Penemuan Potongan Kaki Manusia di Kali Grogol, Depok
Pada hari Kamis (20/8/2026), warga di sekitar aliran Kali Grogol, Pancoran Mas, Depok, digemparkan oleh penemuan sepasang potongan kaki manusia yang diduga merupakan korban mutilasi. Penemuan ini menimbulkan kegundahan dan rasa takut di kalangan masyarakat setempat.
Petugas Dinas Sumber Daya Air (SDA) Kota Depok, Musfik Amarullah, menjadi salah satu orang yang terlibat langsung dalam proses evakuasi. Ia menceritakan bagaimana awalnya menemukan bungkusan mencurigakan setelah mendapat laporan dari rekan kerjanya. Saat tiba di lokasi, bungkusan tersebut tampak tersembunyi di bawah jembatan, terbungkus sangat rapat dengan karung dan plastik hitam double.
Proses evakuasi tidak berjalan mulus karena bungkusan itu tersangkut dalam tumpukan sampah kayu. Untuk bisa mengangkatnya, Musfik dan timnya harus menggunakan pisau untuk memotong ranting kayu yang menghalangi. Setelah berhasil dibuka, mereka melihat jelas sepasang potongan kaki manusia, mulai dari lutut hingga telapak kaki.
“Kaki kanan, kaki kiri, jempol masih aman semuanya,” ujar Musfik menjelaskan kondisi bungkusan tersebut. Ia mengakui bahwa penemuan ini membuatnya terkejut karena biasanya ia hanya menemukan bangkai tikus atau hewan lainnya.
Meski sempat kaget, Musfik menegaskan bahwa dirinya dan tim SDA tetap tenang saat melakukan evakuasi. Mereka menjalankan tugas dengan penuh tanggung jawab hingga potongan jasad tersebut berhasil diserahkan kepada pihak kepolisian.
Diduga Korban Mutilasi Saepul
Sebelumnya, penemuan potongan tubuh manusia juga terjadi di aliran Kali Grogol pada 20 Agustus 2026. Pada hari itu, petugas SDA bersama aparat kepolisian langsung turun ke lokasi untuk mengevakuasi jasad tersebut. Proses evakuasi cukup rumit karena potongan kaki terbungkus karung dan plastik hitam yang tersangkut di tumpukan sampah.
Ipda Breggy Yesaya Imanuel Sutijono, anggota Katimsus 2 Unit 1 Subdit Resmob Ditreskrimum Polda Metro Jaya, memberikan keterangan resmi terkait penemuan ini. Menurutnya, penemuan ini diduga merupakan bagian dari korban mutilasi yang sebelumnya ditemukan tak utuh.
“Hari ini penemuan kaki bagian betis, ada satu pasang.
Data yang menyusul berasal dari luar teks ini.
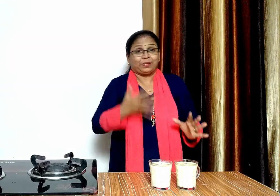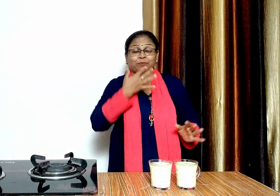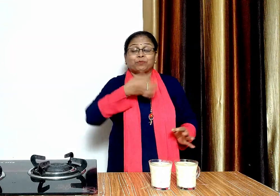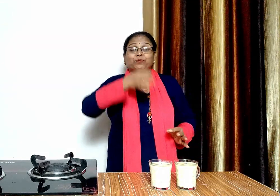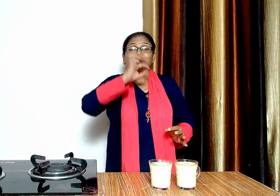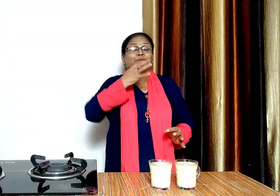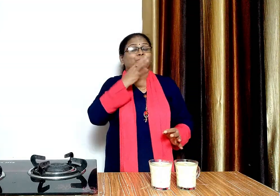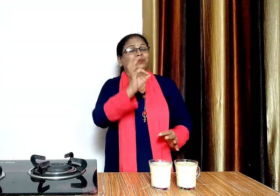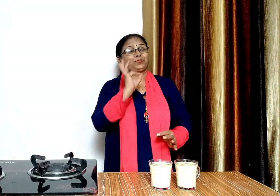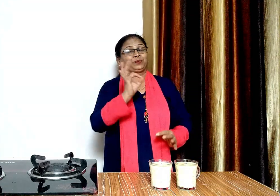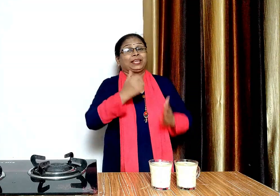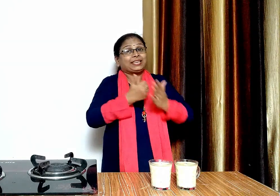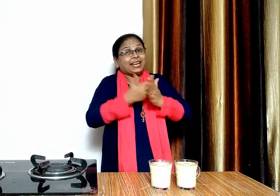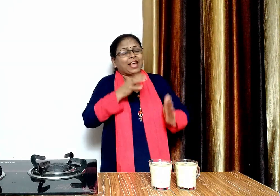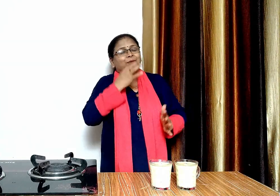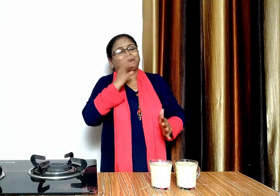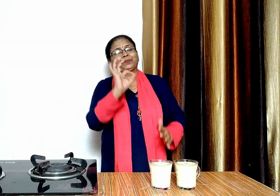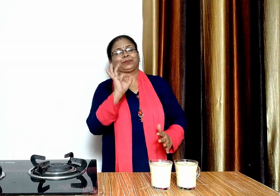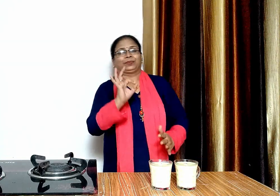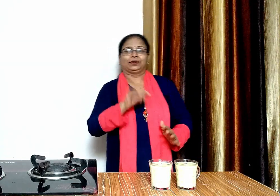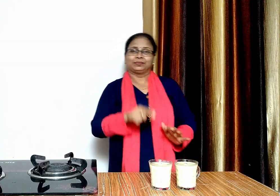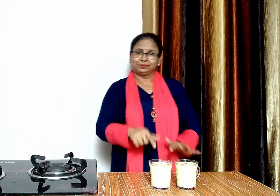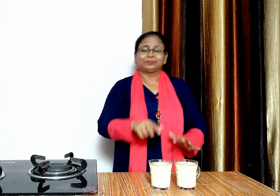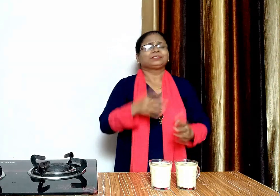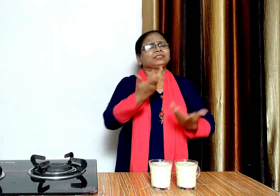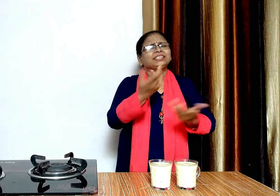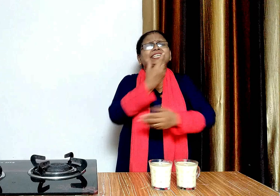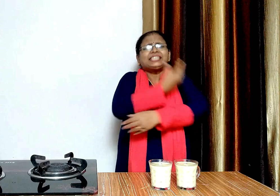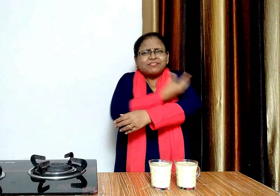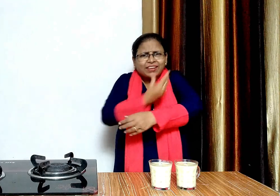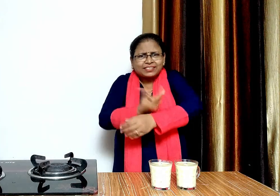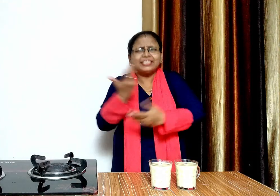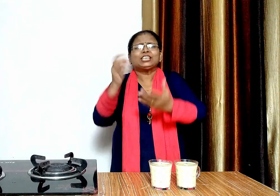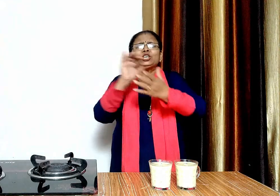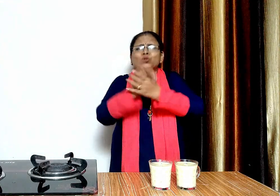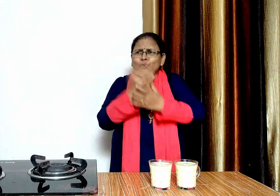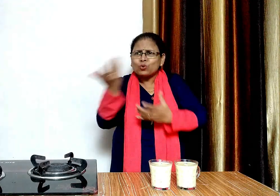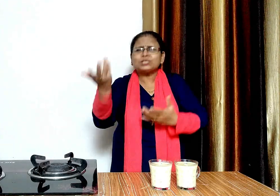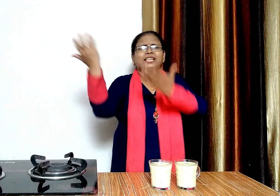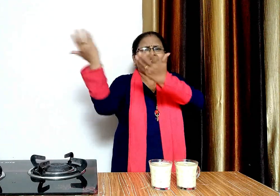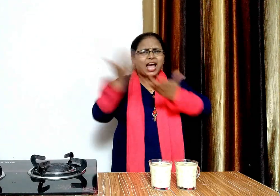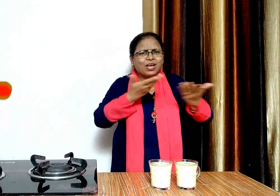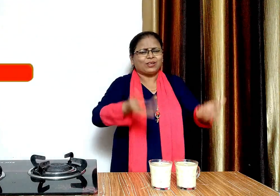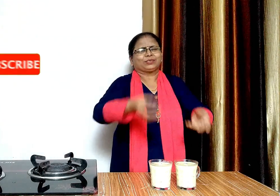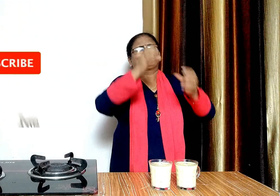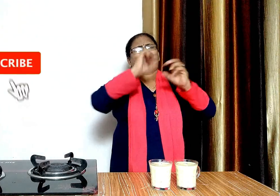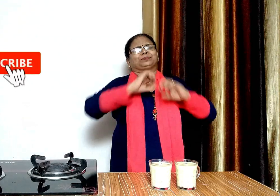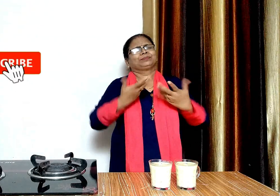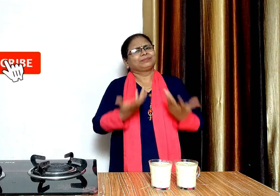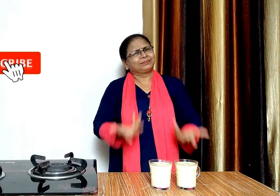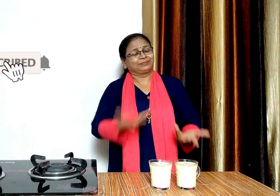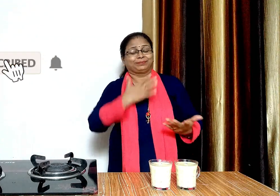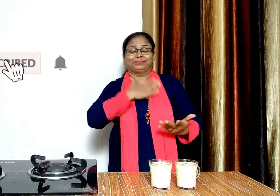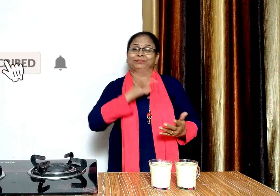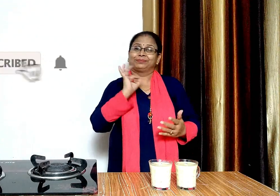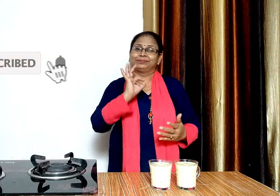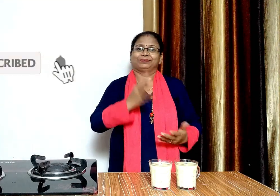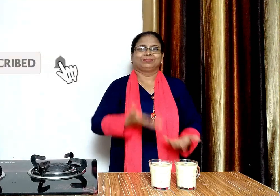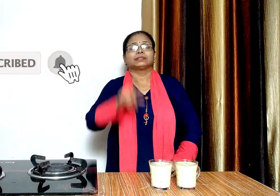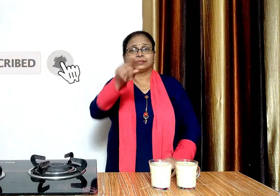फैमिली या फ्रेंड के साथ इंजॉय कर सकती है अगर आपको मेरी वीडियो पसंद आए यो तिस वीडियो को लाइक और एस चैनल को सब्सक्राइब करना

Nah, kami duga ini milik korban, makanya setelah ini kami akan kirim untuk potongan mayat ini ke Rumah Sakit Kramat Jati untuk identifikasi lebih lanjut,” kata Breggy.
Ia juga menjelaskan bahwa pelaku membongkar tubuh korban menjadi dua bagian besar, yaitu bagian atas dan bawah. Bagian bawah kemudian dipotong lagi menjadi empat bagian, termasuk paha dan betis. Hingga saat ini, tim gabungan masih mencari satu bagian tubuh yang hilang.
Tantangan dalam Identifikasi Jasad
Proses identifikasi jenazah menghadapi tantangan besar lantaran kondisi fisik jasad yang sudah mengalami pembusukan tingkat lanjut. “Jadi memang untuk kondisi mayat sudah agak hancur dan sudah mulai busuk. Iya, itu memang menjadi satu kendala untuk kami, tapi memang tetap kami akan lakukan lab forensik dan memang memerlukan waktu untuk hasilnya,” tambah Breggy.
Pelaku diketahui membungkus seluruh bagian jasad menggunakan lapisan plastik tebal sebelum membuangnya ke aliran sungai. Dua potongan betis yang ditemukan kali ini berada dalam satu wadah pelindung yang sama saat dievakuasi petugas.
“Tapi awalnya memang empat bagian itu di satu kantong yang sama. Ya mungkin karena memang karena masalah pembuangan di sungai, arus, hujan, dan segala macamnya, memang itu memungkinkan untuk terpisah bagian-bagian potongan mayat tersebut,” tutup Breggy.
Penemuan Sebelumnya
Sebelumnya, jasad korban bernama Kunaefi (51) ditemukan tak utuh dalam karung di kawasan Tanah Merah, Pancoran Mas, pada Selasa (4/8/2026). Sedangkan, kedua bagian kaki korban dibuang oleh pelaku Saepul (26) di aliran Kali Licin, Pancoran Mas.